# Calling all Instagram fans!



## Quossum (Mar 18, 2011)

Is anyone here on Instagram? I've just started playing with it, and I love it!

I've already found there's a huge number of Italian Greyhound fans out there, snapping away at their elegant hounds, and quite a following of the Corgi persuasion. Shockingly and sadly enough, though, I'm not seeing the amount of Poodle love I thought I'd find. We need more Instagram Poodles!

If any of you are on (or if you join!), let me know so I can follow you. My user name is the same as on here, quossum. Here are a few of the snaps I've uploaded so far:





































--Q

P.S. For those of you not familiar with Instagram, it's an app for iPhones or Android phones which allows you to take pictures, make 'em artsy, and then share them online. Others can "follow" you, "like" your photos, and leave comments. It's a little like Twitter, and in fact has the ability to post your photos straight to Twitter, or to your Facebook or Tumblr, if you're so inclined. I love photos, so for me, this is a fun app!


----------



## faerie (Mar 27, 2010)

i'll look for you. i'm faeriemade on there.


----------



## KidWhisperer (Apr 3, 2012)

I've been hearing the hype about this app, so now I'll go check it out. Thanks!
---
Karen


----------



## lrkellly (Jan 6, 2012)

I'm rlaurakelly .

My sister says that instagram needs a name change to 'instasprout'. You can guess why...


----------



## Jamie Hein (Aug 17, 2013)

I know this is an old thread, but I just got a smart phone so of course I signed up for Instagram. Does anyone else have one with cute poodle/ dog pictures? My user name is dogsavvyjamie


----------



## Quossum (Mar 18, 2011)

I'm still going strong on Instagram and follow many other poodle people. A must-follow is poodle_playoffs; she posts regular doses of poodly goodness in all sizes. From her posts, you can find lots of other poodle accounts. I've also found several groomers to follow; I love before/after and creative grooming pictures.

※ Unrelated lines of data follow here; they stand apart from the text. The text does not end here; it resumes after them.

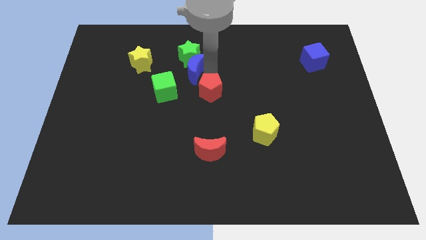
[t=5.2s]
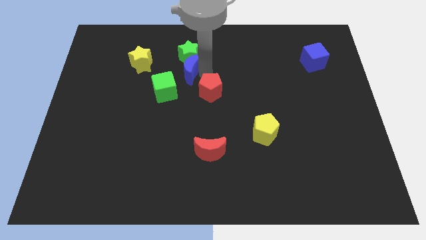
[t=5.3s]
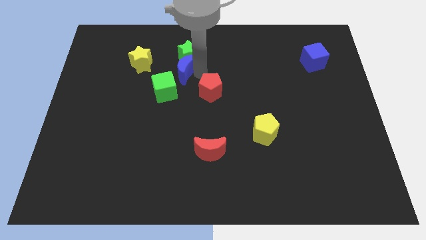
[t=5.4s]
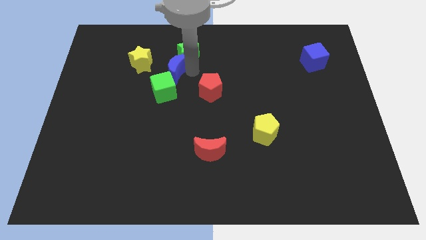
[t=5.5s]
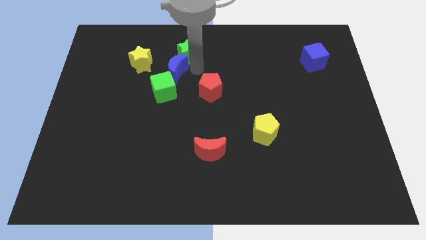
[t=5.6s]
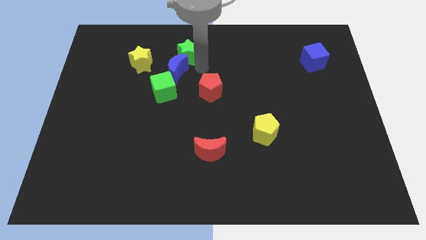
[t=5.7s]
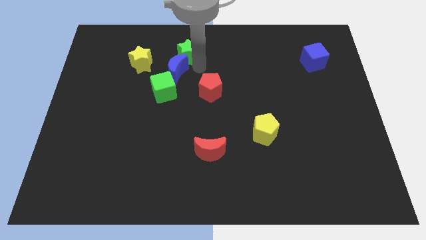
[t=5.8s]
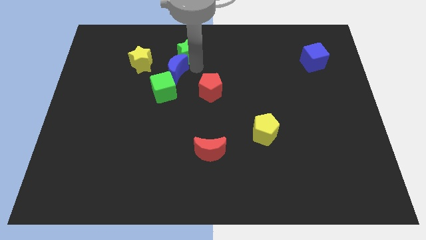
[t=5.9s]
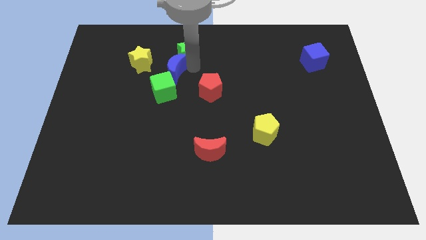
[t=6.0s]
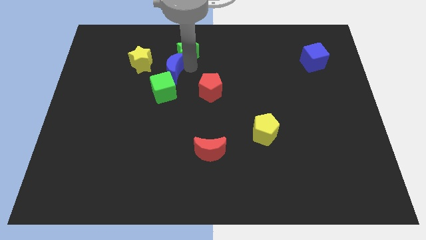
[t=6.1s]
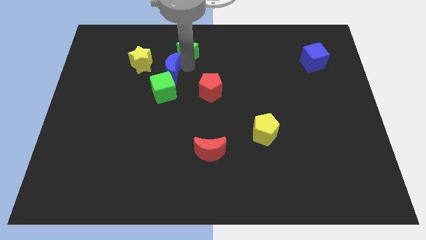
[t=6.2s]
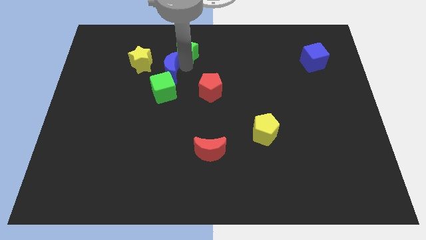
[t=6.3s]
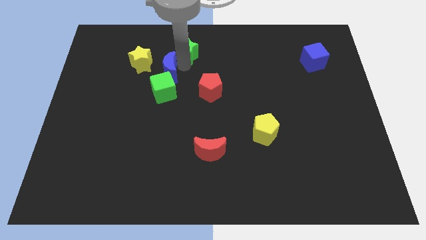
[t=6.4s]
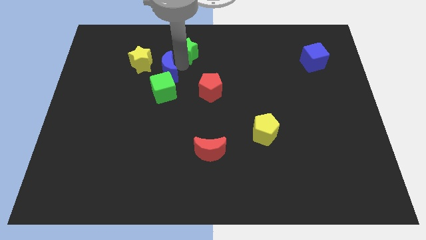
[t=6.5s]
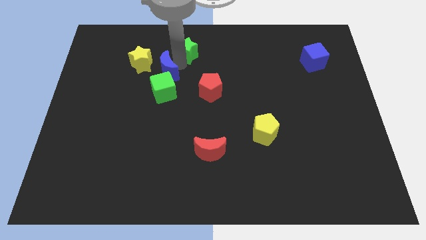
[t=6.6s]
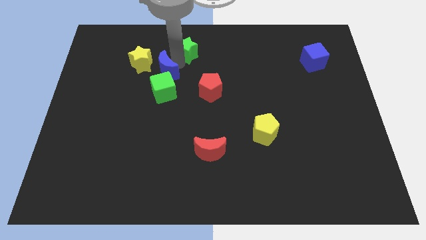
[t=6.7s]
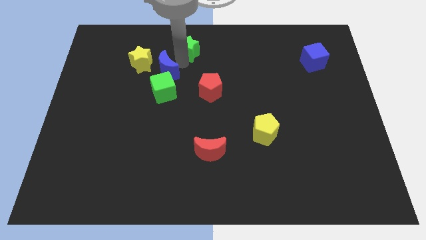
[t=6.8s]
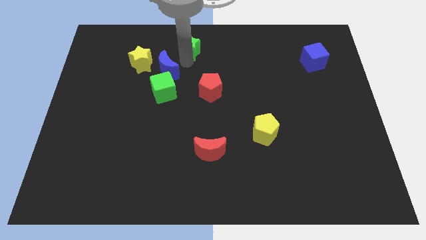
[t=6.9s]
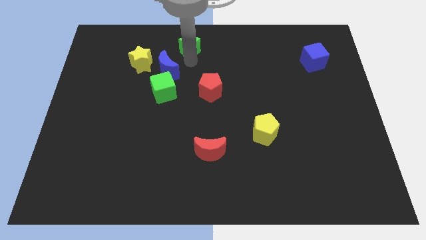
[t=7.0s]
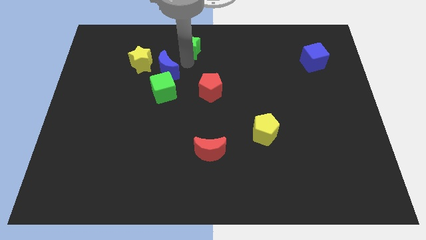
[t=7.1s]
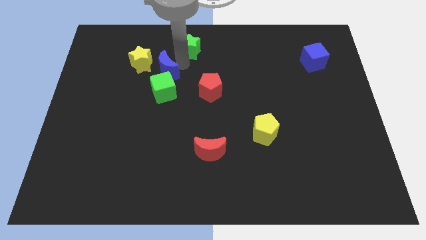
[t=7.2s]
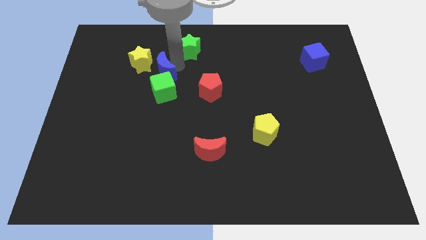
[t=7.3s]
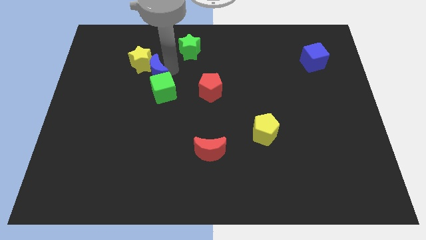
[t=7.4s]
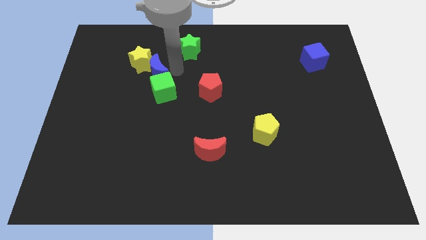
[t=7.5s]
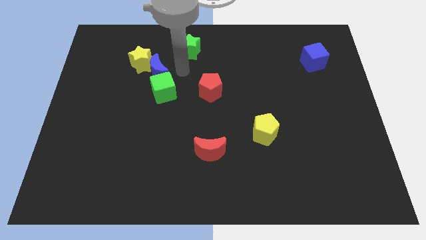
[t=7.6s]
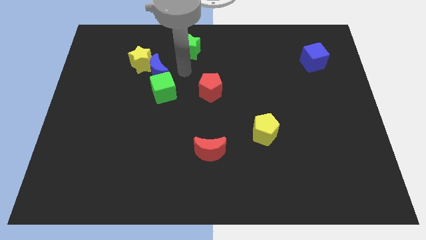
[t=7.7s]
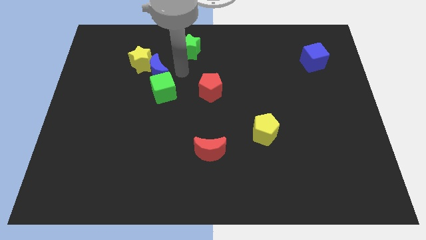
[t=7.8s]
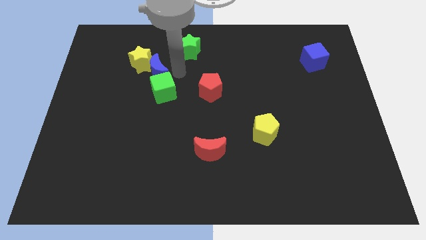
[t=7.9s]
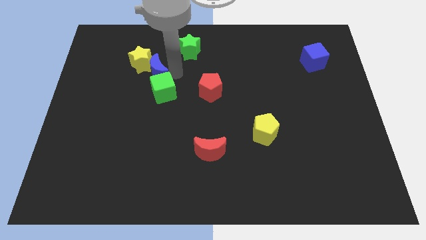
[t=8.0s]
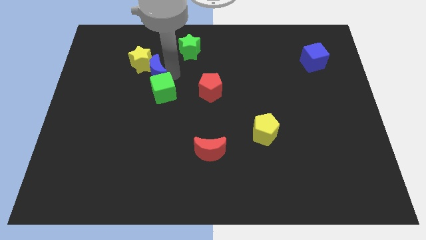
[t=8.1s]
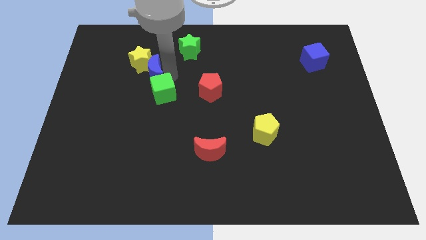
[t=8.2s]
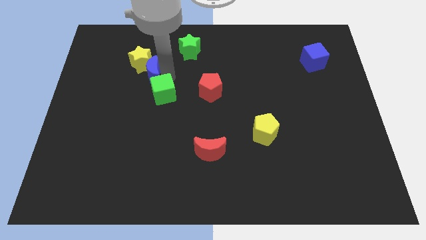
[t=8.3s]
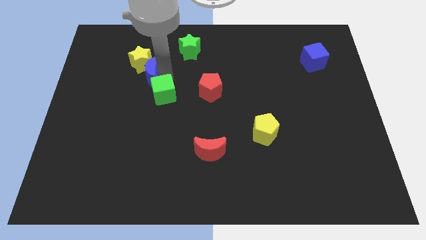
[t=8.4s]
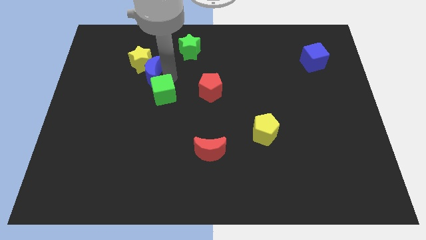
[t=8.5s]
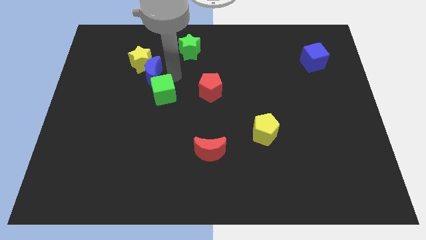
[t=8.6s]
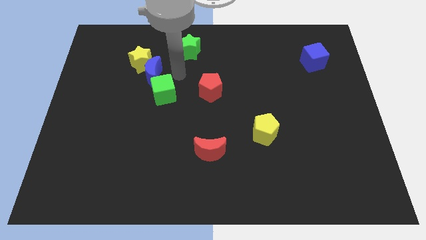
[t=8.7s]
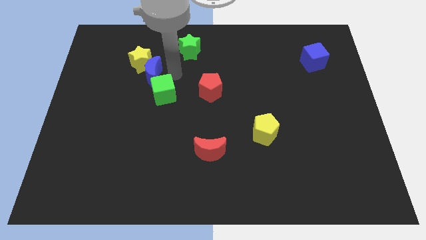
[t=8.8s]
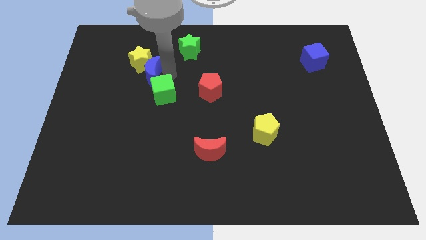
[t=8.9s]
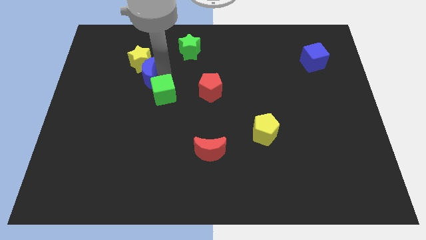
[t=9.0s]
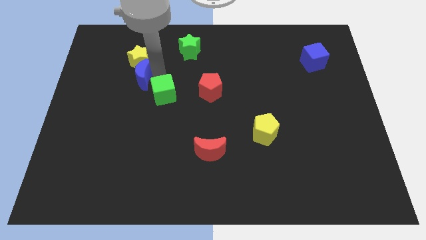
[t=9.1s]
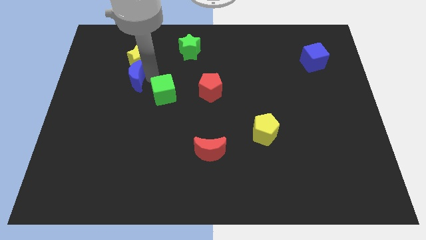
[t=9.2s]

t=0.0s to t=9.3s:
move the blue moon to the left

Good luck, hope to see you there!

--Q


----------



## hopetocurl (Jan 8, 2014)

Please don't give me another addiction! I gave an Instagram...mainly to check up on my children and their friends... But, if you tell me there are poodles...it's on!


----------



## Suey61 (Oct 2, 2013)

Im on instagram my name is missmyjakeandeden please feel free to add me :act-up:


----------



## Suey61 (Oct 2, 2013)

hope you don't mind i have added you on instagram my name is missmyjakeandeden .


----------



## Suey61 (Oct 2, 2013)

Jamie Hein said:


> I know this is an old thread, but I just got a smart phone so of course I signed up for Instagram. Does anyone else have one with cute poodle/ dog pictures? My user name is dogsavvyjamie


hi hope you don't mind the add on instagram my user name is missmyjakeandeden thanks


----------



## Michelle (Nov 16, 2009)

My name on instagram is shellyyybean

Though its not ALL poodle pictures...but a majority are, or at least animal related lol.


----------



## Jamie Hein (Aug 17, 2013)

Ok I've added everyone on here, I'll try to take some cuter pictures than the pelt later


----------



## kcp1227 (Jan 25, 2013)

We follow you!! Dash_the_spoo for anyone who wants to follow us 


Sent from Petguide.com Free App


----------



## Suddenly (Aug 8, 2013)

Still trying to figure out how Instagram works. Seniors just don't get it that easy. My Instagram name is swoosie. Are there any instructions how to use?
Thanks?


Sent from Petguide.com Free App


----------



## hopetocurl (Jan 8, 2014)

Suddenly said:


> Still trying to figure out how Instagram works. Seniors just don't get it that easy. My Instagram name is swoosie. Are there any instructions how to use?
> Thanks?
> 
> 
> Sent from Petguide.com Free App



Well, I see your pictures.... So looks like you've got it 



Sent from Petguide.com Free App


----------



## Suddenly (Aug 8, 2013)

I have no idea exactly what I did except get Brandon's picture there. I'm just wondering why there are no comments and what I do next. Maybe one of these years I'll get it lol!!
Happy night everyone!


Sent from Petguide.com Free App


----------



## Suddenly (Aug 8, 2013)

My Instagram name is swoosie!


Sent from Petguide.com Free App


----------



## cmarrie (Sep 17, 2014)

I Instagram, but never Wrex. That goes on my Facebook and here. Instagram (crystal443_rice) and Flickr are for my sewing projects.


----------



## Michelle (Nov 16, 2009)

created a new instagram for just the boys 

atticus_and_yuki


----------



## ArreauStandardPoodle (Sep 1, 2009)

One of our pups is on Instagram. His teenage sisters have decided they want to make him famous. So, they'd love it if more people went to his page. I believe his name is Barkslikejagger. If you cannot find him, let me know and I'll double check his name there


----------